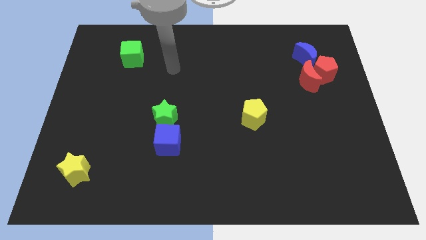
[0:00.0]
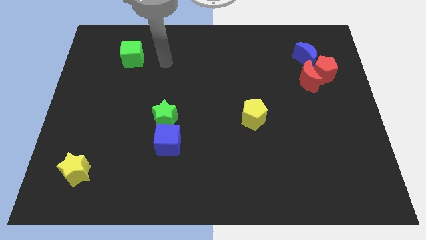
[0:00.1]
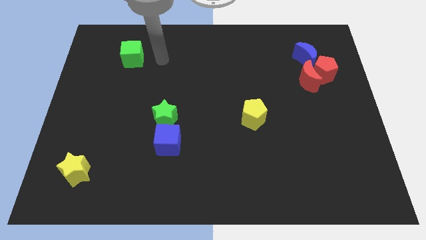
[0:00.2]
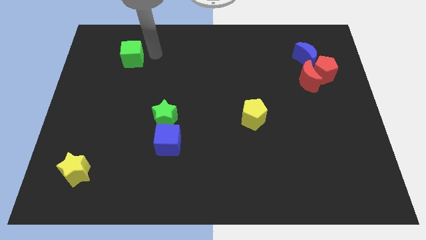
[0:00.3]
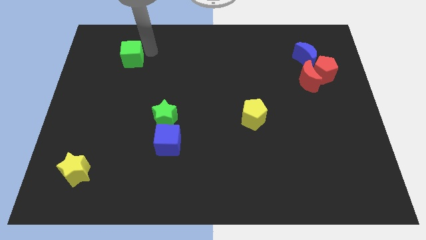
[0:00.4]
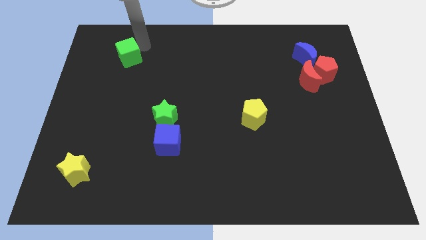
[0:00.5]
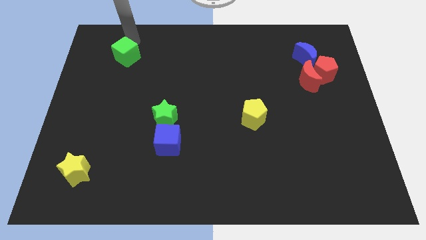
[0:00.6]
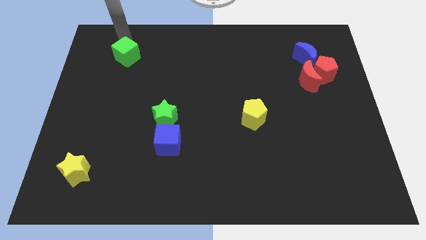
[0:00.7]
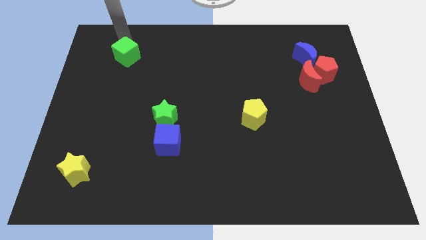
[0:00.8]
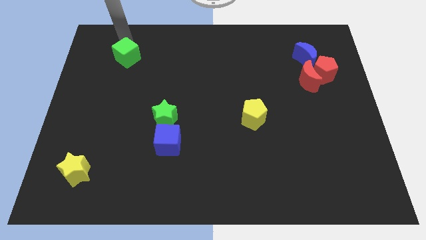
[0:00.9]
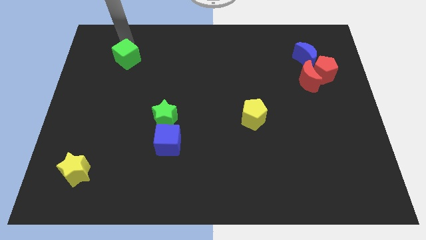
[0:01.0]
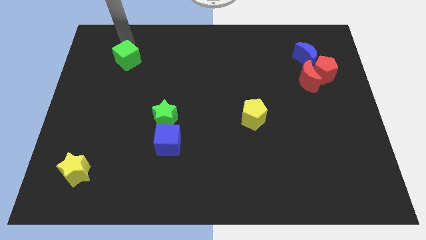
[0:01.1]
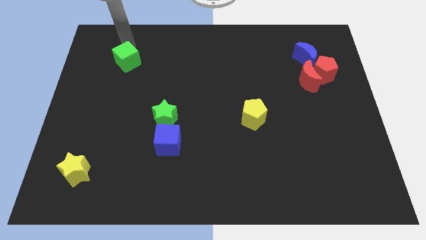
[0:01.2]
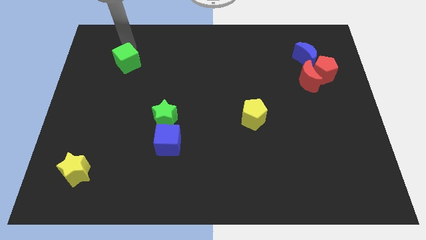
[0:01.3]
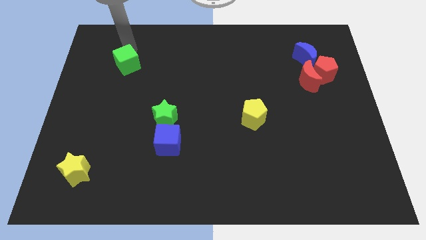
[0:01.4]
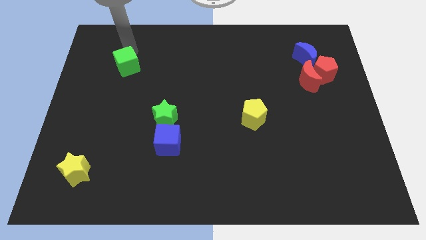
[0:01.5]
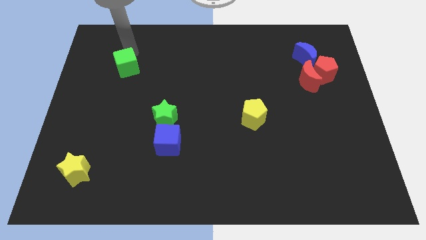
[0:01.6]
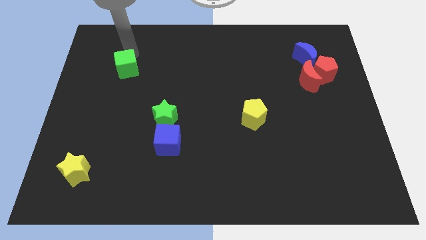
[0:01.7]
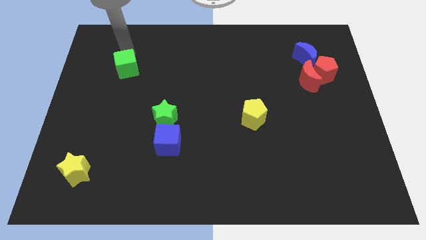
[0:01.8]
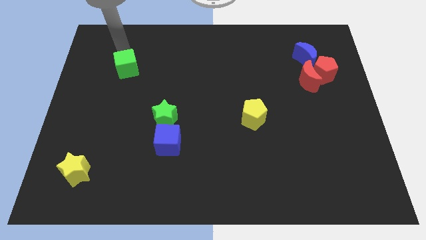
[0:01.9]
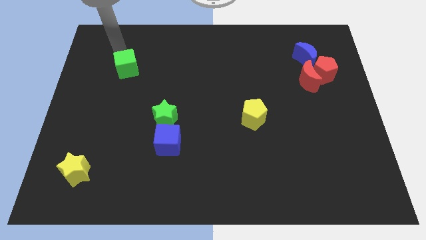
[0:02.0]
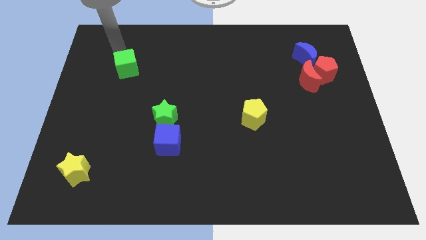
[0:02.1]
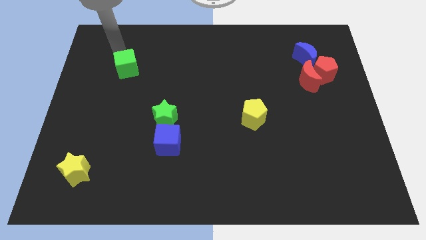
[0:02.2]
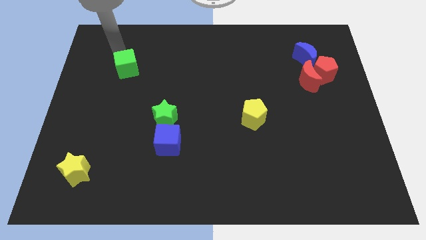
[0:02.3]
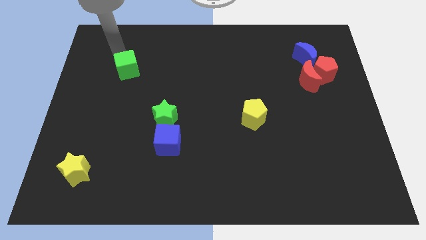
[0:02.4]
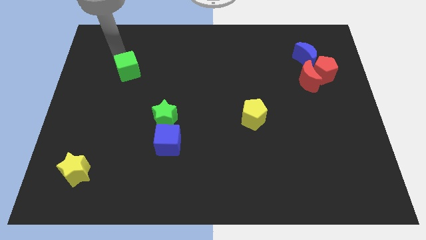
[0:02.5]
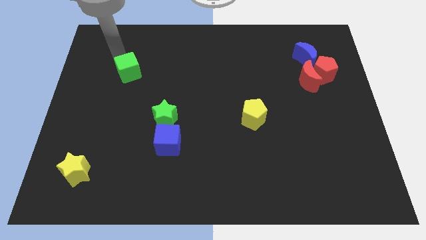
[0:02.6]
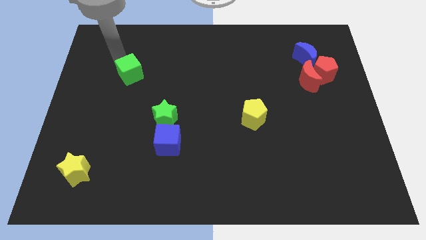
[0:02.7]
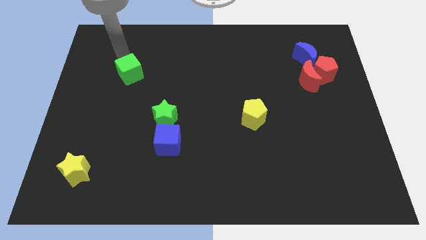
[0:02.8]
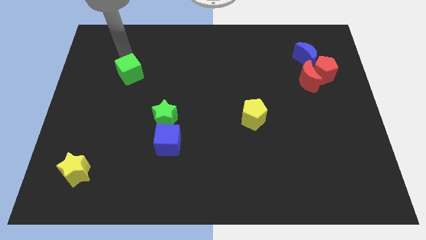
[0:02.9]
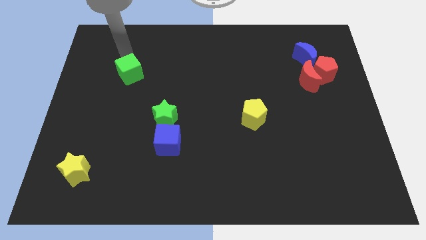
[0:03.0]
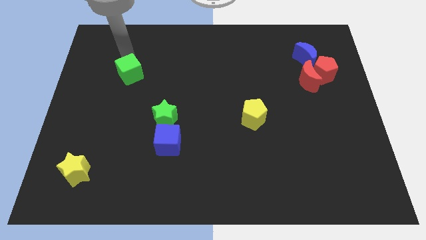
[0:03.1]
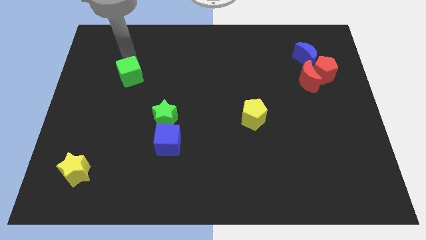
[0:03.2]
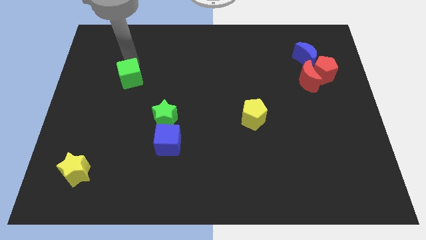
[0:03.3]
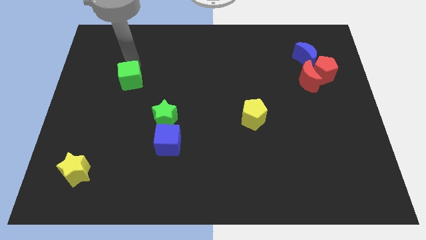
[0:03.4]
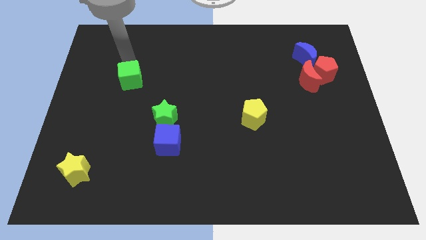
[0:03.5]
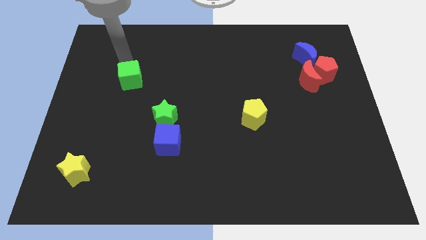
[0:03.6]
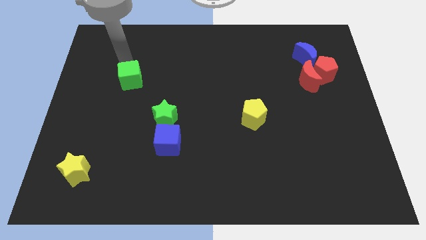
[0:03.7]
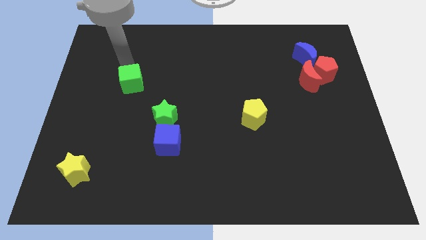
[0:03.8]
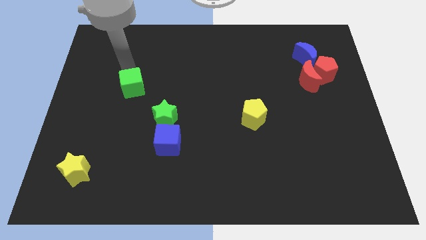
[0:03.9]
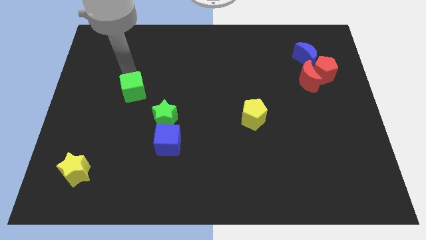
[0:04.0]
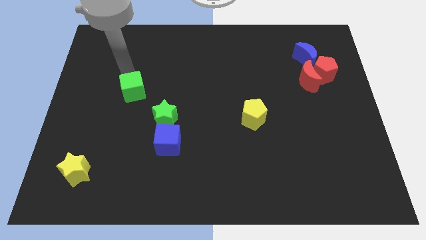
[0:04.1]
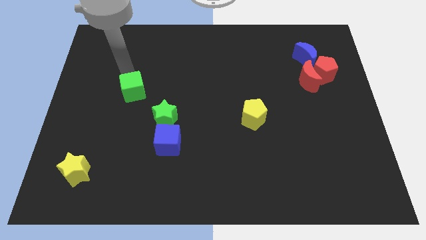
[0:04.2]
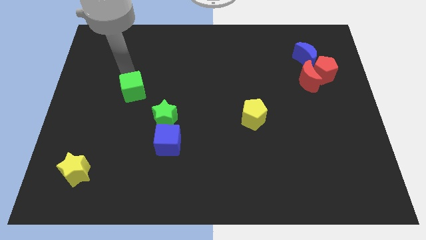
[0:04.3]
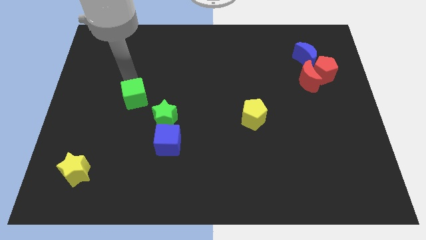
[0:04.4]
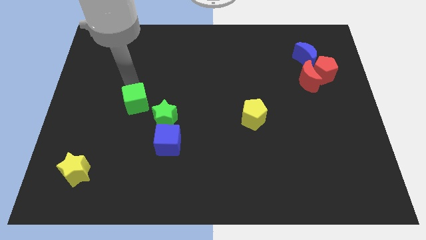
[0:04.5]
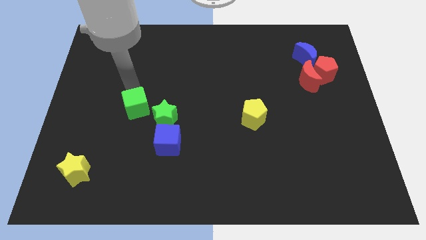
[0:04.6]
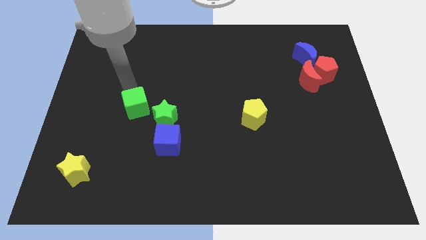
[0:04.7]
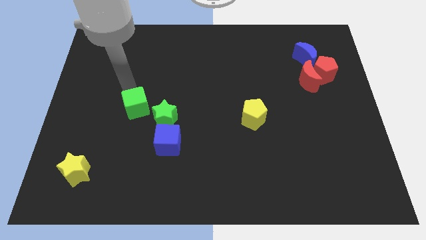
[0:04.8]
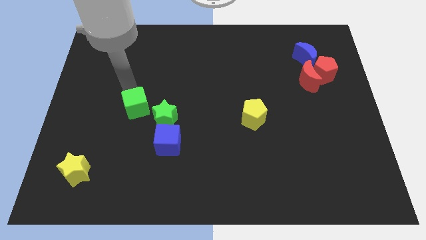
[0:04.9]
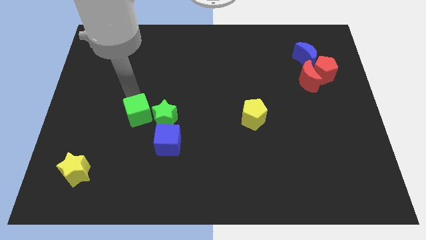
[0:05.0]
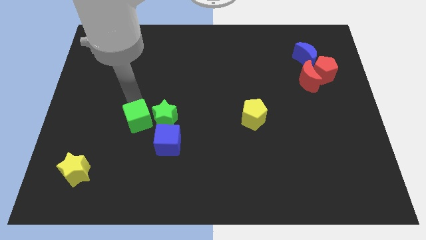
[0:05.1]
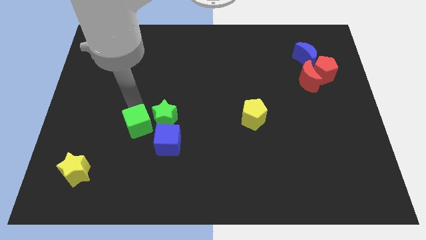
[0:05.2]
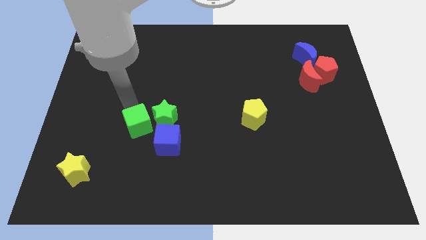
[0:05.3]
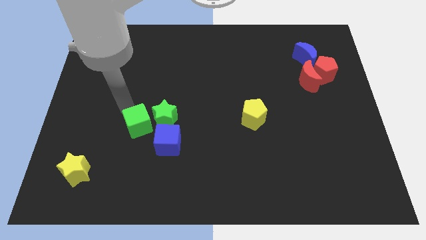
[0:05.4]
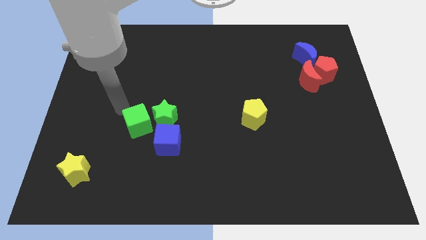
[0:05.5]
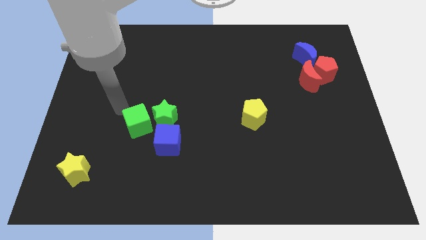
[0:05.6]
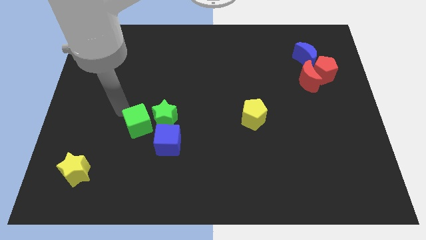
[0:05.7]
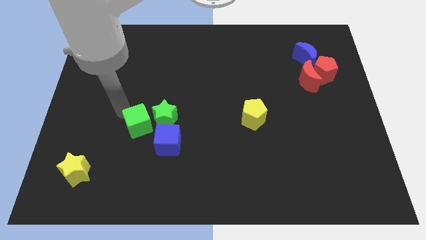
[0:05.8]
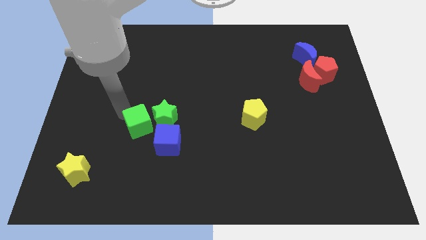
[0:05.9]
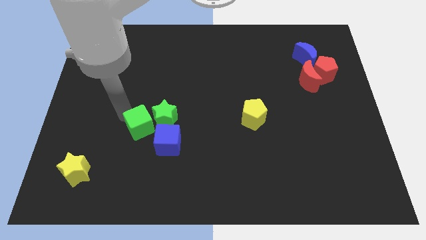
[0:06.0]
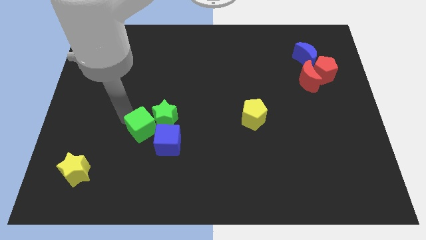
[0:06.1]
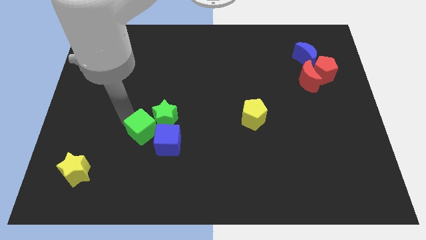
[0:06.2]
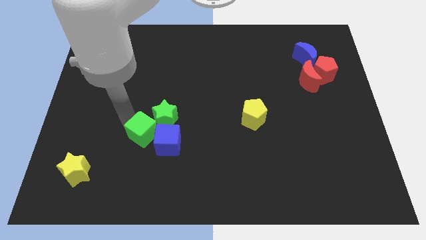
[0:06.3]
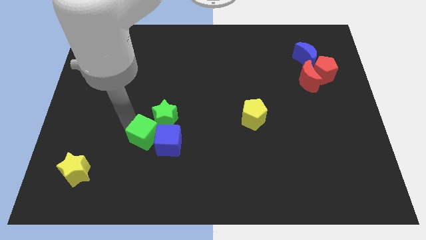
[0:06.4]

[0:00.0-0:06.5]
move the green cube towards the blue cube

**About this task**
Everything in the entries above should be printed again exactly, apart from the pictures.

**Task result**
[0:00.0]
[0:00.1]
[0:00.2]
[0:00.3]
[0:00.4]
[0:00.5]
[0:00.6]
[0:00.7]
[0:00.8]
[0:00.9]
[0:01.0]
[0:01.1]
[0:01.2]
[0:01.3]
[0:01.4]
[0:01.5]
[0:01.6]
[0:01.7]
[0:01.8]
[0:01.9]
[0:02.0]
[0:02.1]
[0:02.2]
[0:02.3]
[0:02.4]
[0:02.5]
[0:02.6]
[0:02.7]
[0:02.8]
[0:02.9]
[0:03.0]
[0:03.1]
[0:03.2]
[0:03.3]
[0:03.4]
[0:03.5]
[0:03.6]
[0:03.7]
[0:03.8]
[0:03.9]
[0:04.0]
[0:04.1]
[0:04.2]
[0:04.3]
[0:04.4]
[0:04.5]
[0:04.6]
[0:04.7]
[0:04.8]
[0:04.9]
[0:05.0]
[0:05.1]
[0:05.2]
[0:05.3]
[0:05.4]
[0:05.5]
[0:05.6]
[0:05.7]
[0:05.8]
[0:05.9]
[0:06.0]
[0:06.1]
[0:06.2]
[0:06.3]
[0:06.4]

[0:00.0-0:06.5]
move the green cube towards the blue cube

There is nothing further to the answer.